The tree of life is an image that can inspire us. UCC Minister Daniel Cooperrider wrote a lovely book we read in Bible Study called Speak with the Earth and It Will Teach You: A Field Guide to the Bible. Cooperrider reflected on the place of trees in the Bible by writing, “The Bible begins with the Tree of Knowledge and ends with the Tree of Life, and with more references to trees than to any other aspect of creation besides humans, trees loom like an old growth forest over the tangled undergrowth of scripture. . . Perhaps this is because we’ve long understood that trees have what we long for: patience, longevity, generativity, abundance, community and kinship, resilience. Trees give glory to God by being fully themselves, and by being fully present to whatever season of life they find themselves in.”[7] You don’t have to love trees as much as I do to appreciate the presence of a sacred tree in the holy city. Even the leaves of the tree of life are a symbol of peace.
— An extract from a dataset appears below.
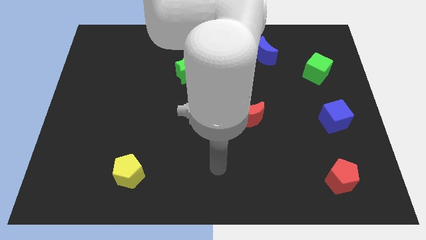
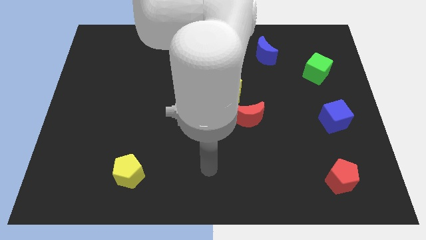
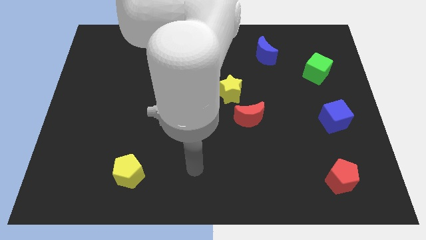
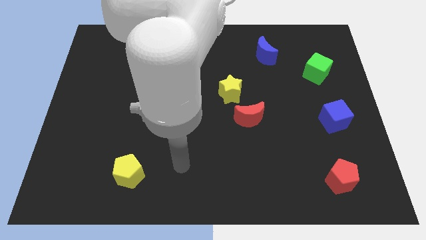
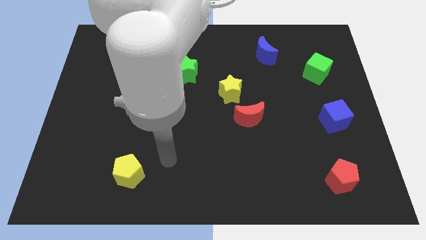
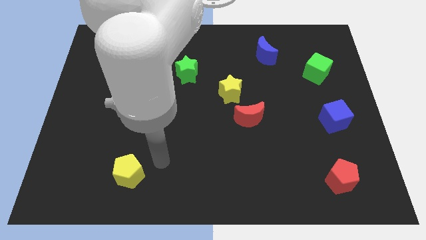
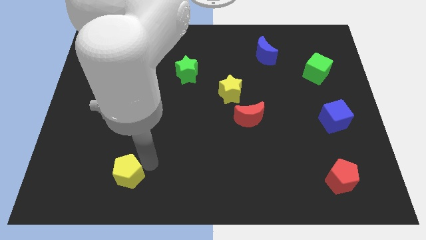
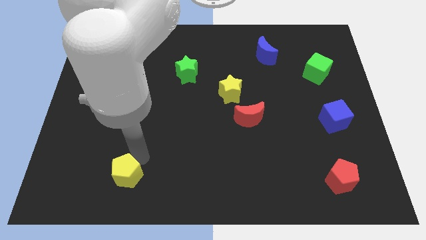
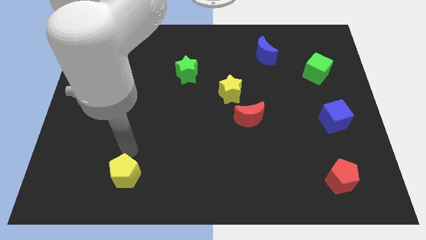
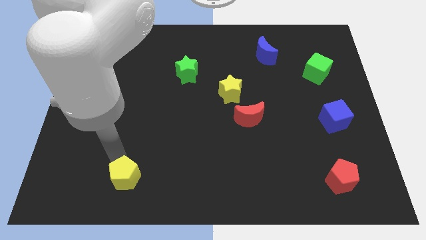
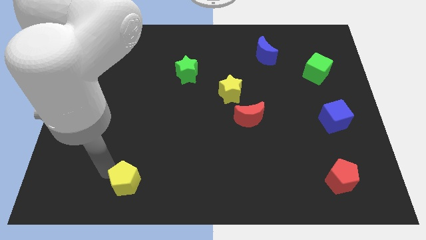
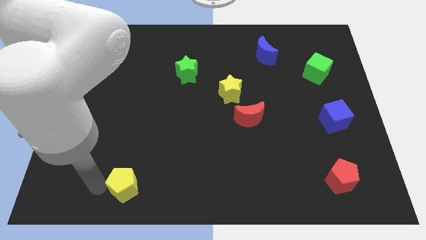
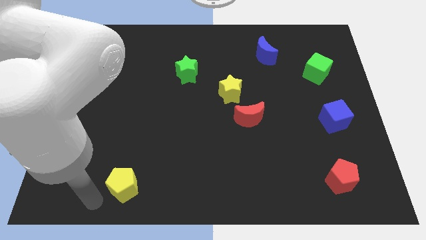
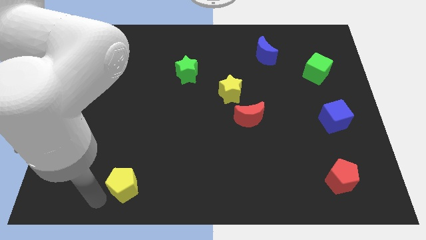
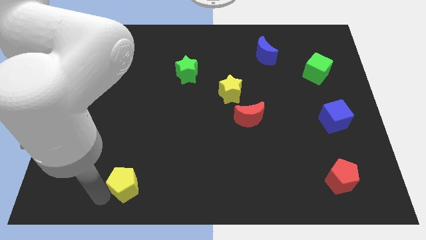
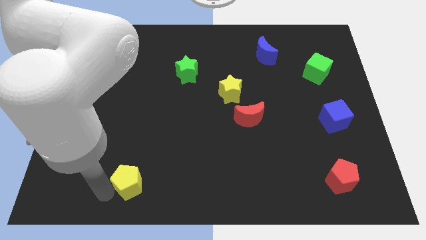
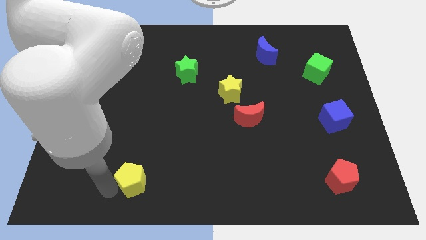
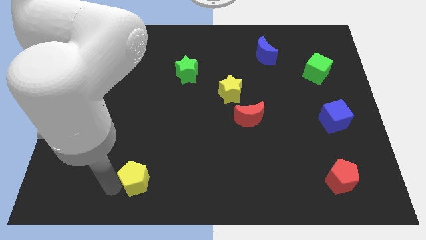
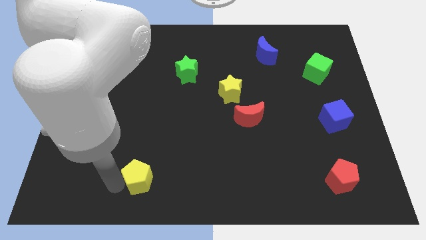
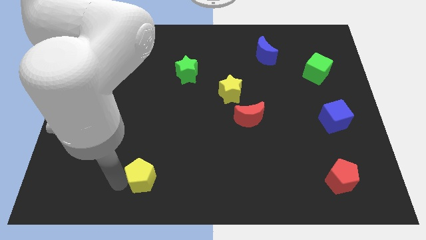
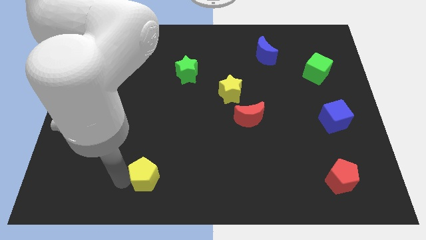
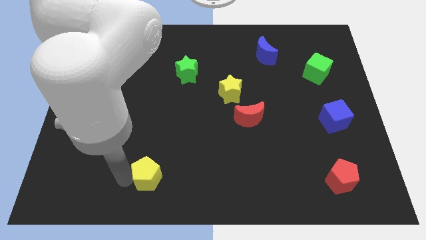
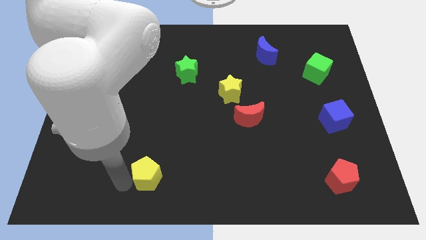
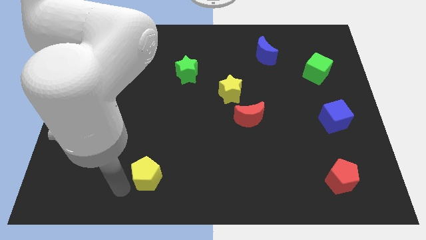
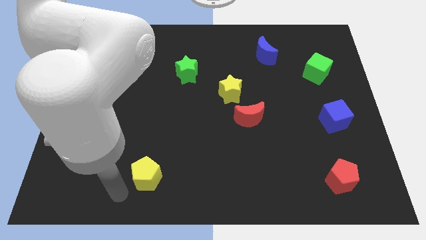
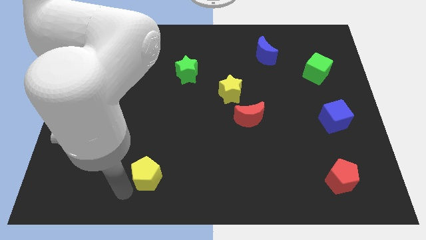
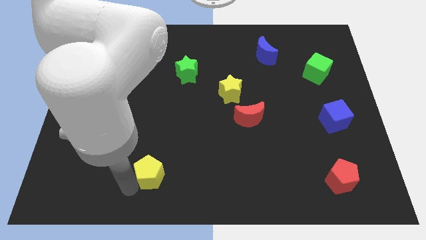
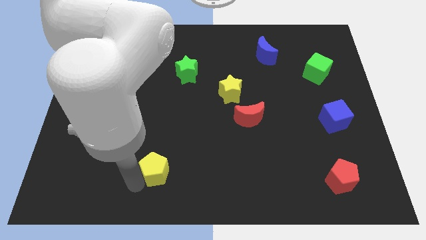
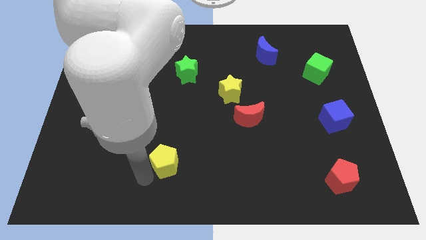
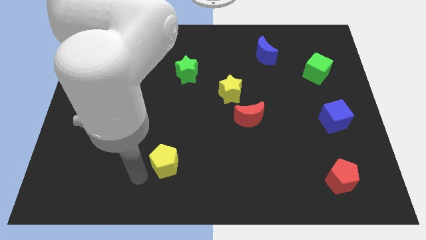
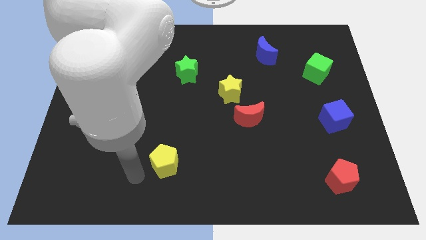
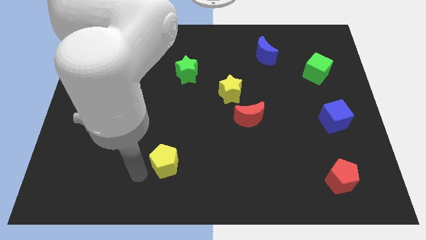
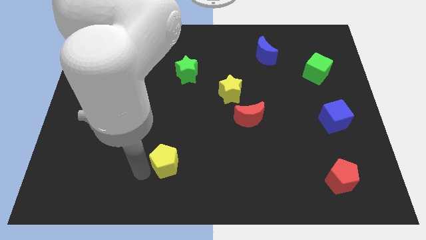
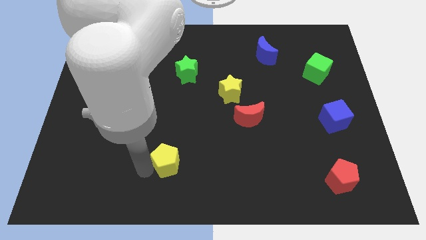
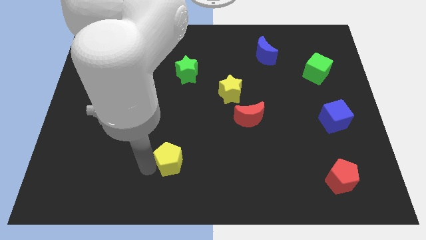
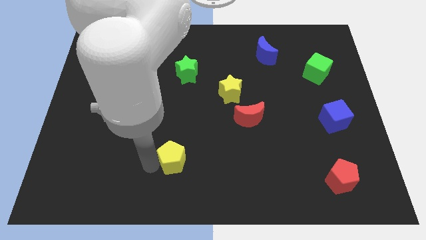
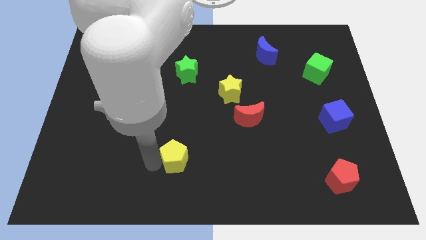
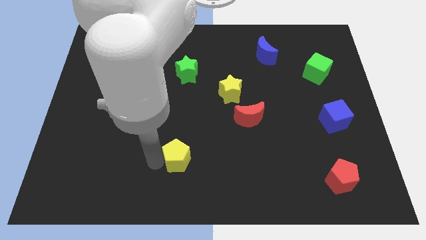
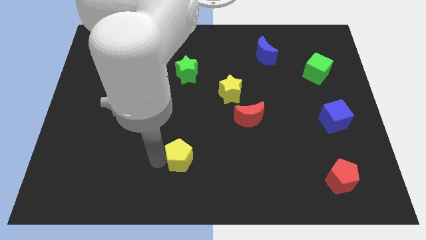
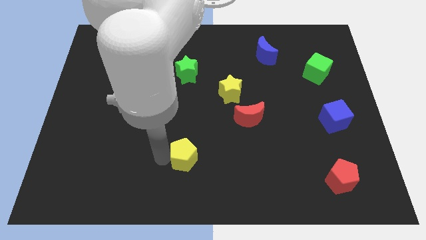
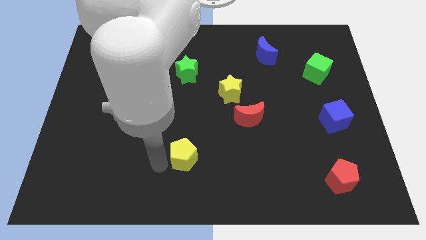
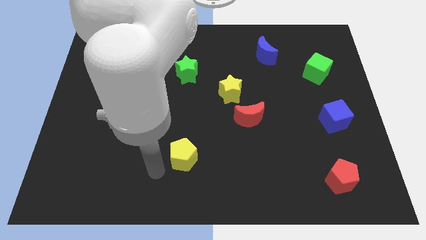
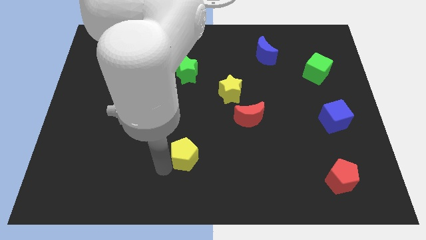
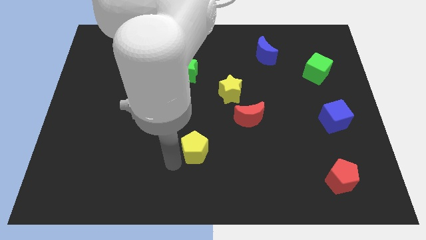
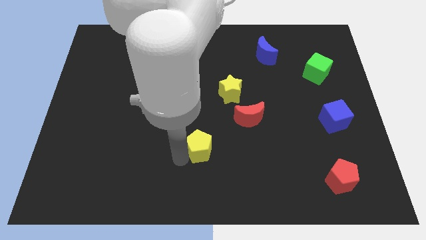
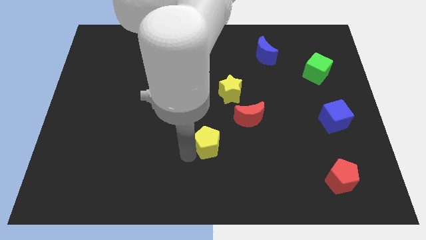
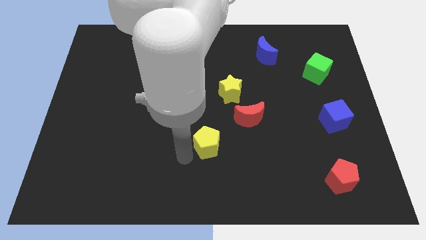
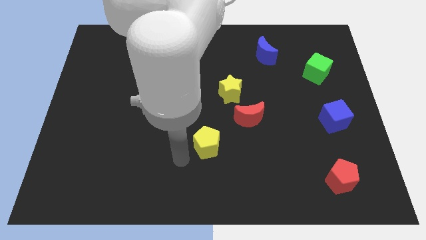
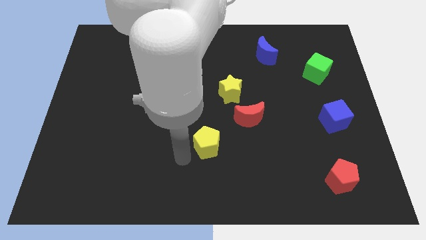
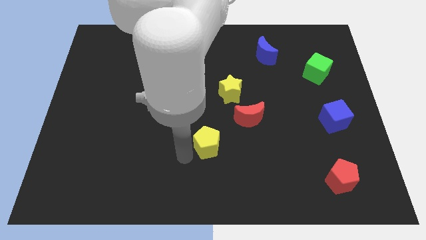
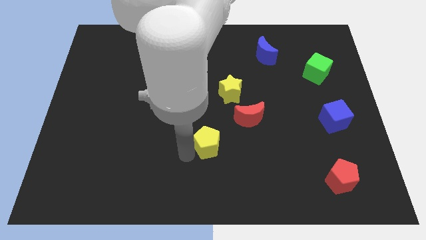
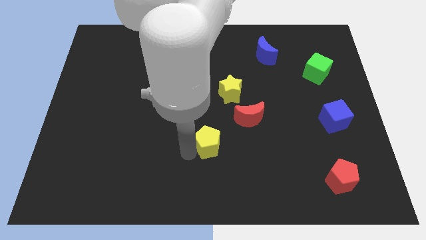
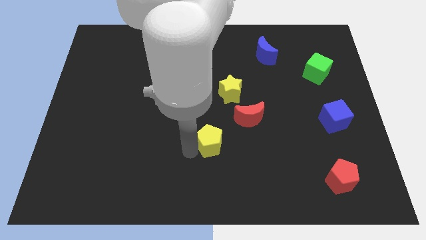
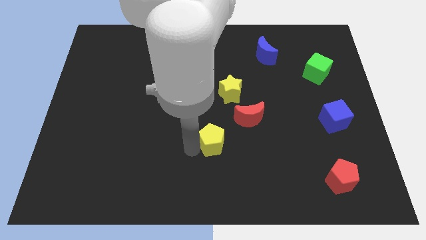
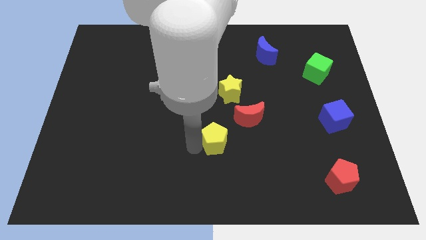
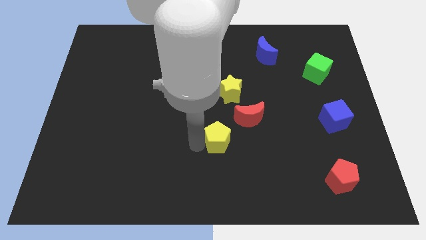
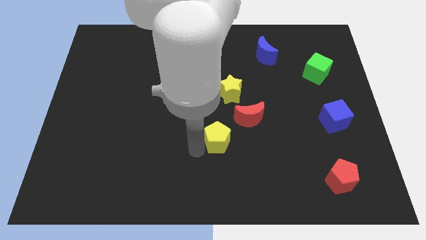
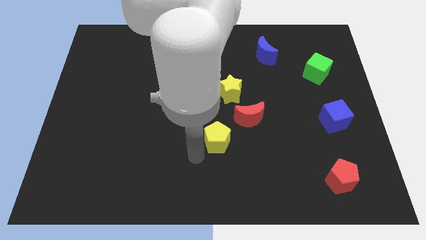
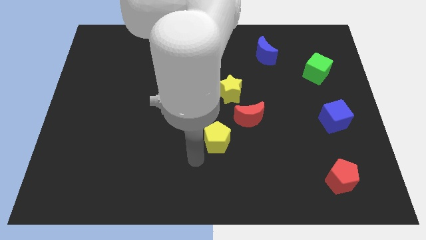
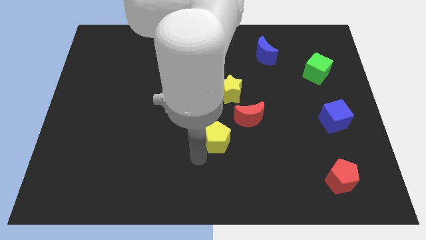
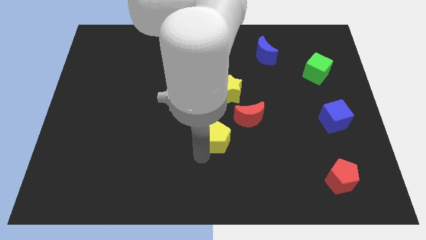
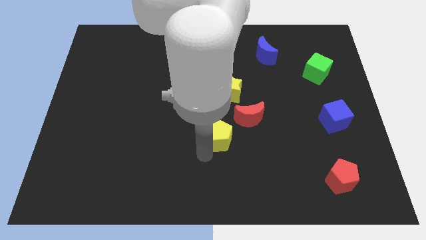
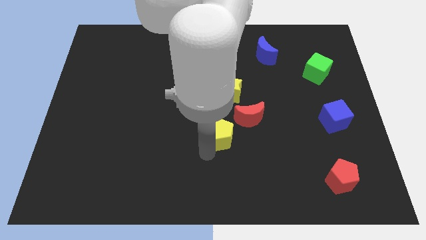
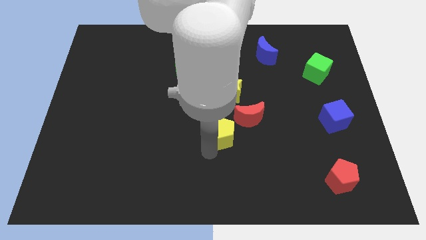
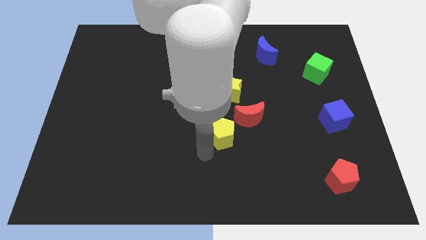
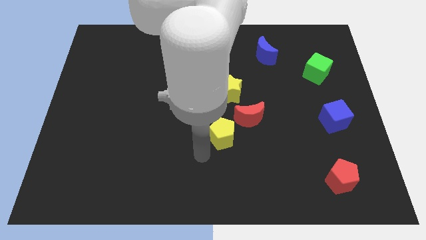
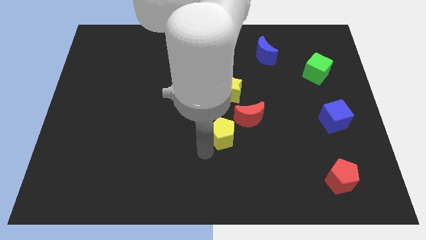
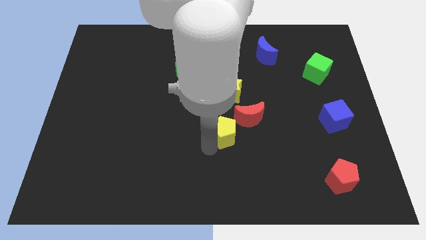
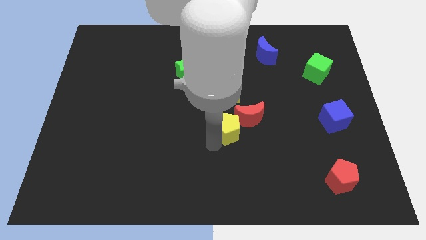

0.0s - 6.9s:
slide the yellow pentagon towards the red moon

What makes this final vision in Revelation all the more compelling is knowing that the tree of life has meaning for many religious traditions and cultures throughout the world. For the ancient Celts, oak trees were considered sacred and the origin of all knowledge. Druid priests would undergo twenty years of learning “within and from the ancient oak forests.”[8] Siddhartha Gautama attained enlightenment while meditating under the Bodhi tree and became the Buddha. There is a tree in Sri Lanka that was grown from a branch of the original Bodhi tree under which the Buddha gained enlightenment, and that tree is over 2,000 years old.[9] In Hinduism the Ashvattha (Sacred Fig Tree) is associated with Brahman—Ultimate Reality (and funny enough, it’s the same species as the Bodhi tree).
We could go on. The point is that the book of Revelation ending with this vision of the holy city with the tree of life is meaningful even beyond Christianity. The Tree of Life or World Tree or Cosmic Tree or Sacred Tree means something to people the world over! Even and especially on the hard days, we are invited to remember this vision of the holy city that John of Patmos shared to help his Christian community when times were tough. Remember God dwelling with humanity forever—wiping tears from our eyes, allowing the first things to pass away. God will be our light and the river of the water of life and the tree of life will be for the healing of the nations. May it be so, and thanks be to God. Amen.
[1] Revelation 21:10, NRSVUE.
[2] Revelation 21:2.
[3] Revelation 21:22.
[4] Revelation 21:26.
[5] Psalm 90:2 and 4.
[6] Revelation 22:2.
[7] Daniel Cooperrider, Speak with the Earth and It Will Teach You: A Field Guide to the Bible, pg. 98.
[8] Beth Norcross and Leah Rampy, Discovering the Spiritual Wisdom of Trees, pgs. 12-13.
[9] Amy-Jane Beer, A Tree a Day: 365 of the World’s Most Majestic Trees, pg. 318.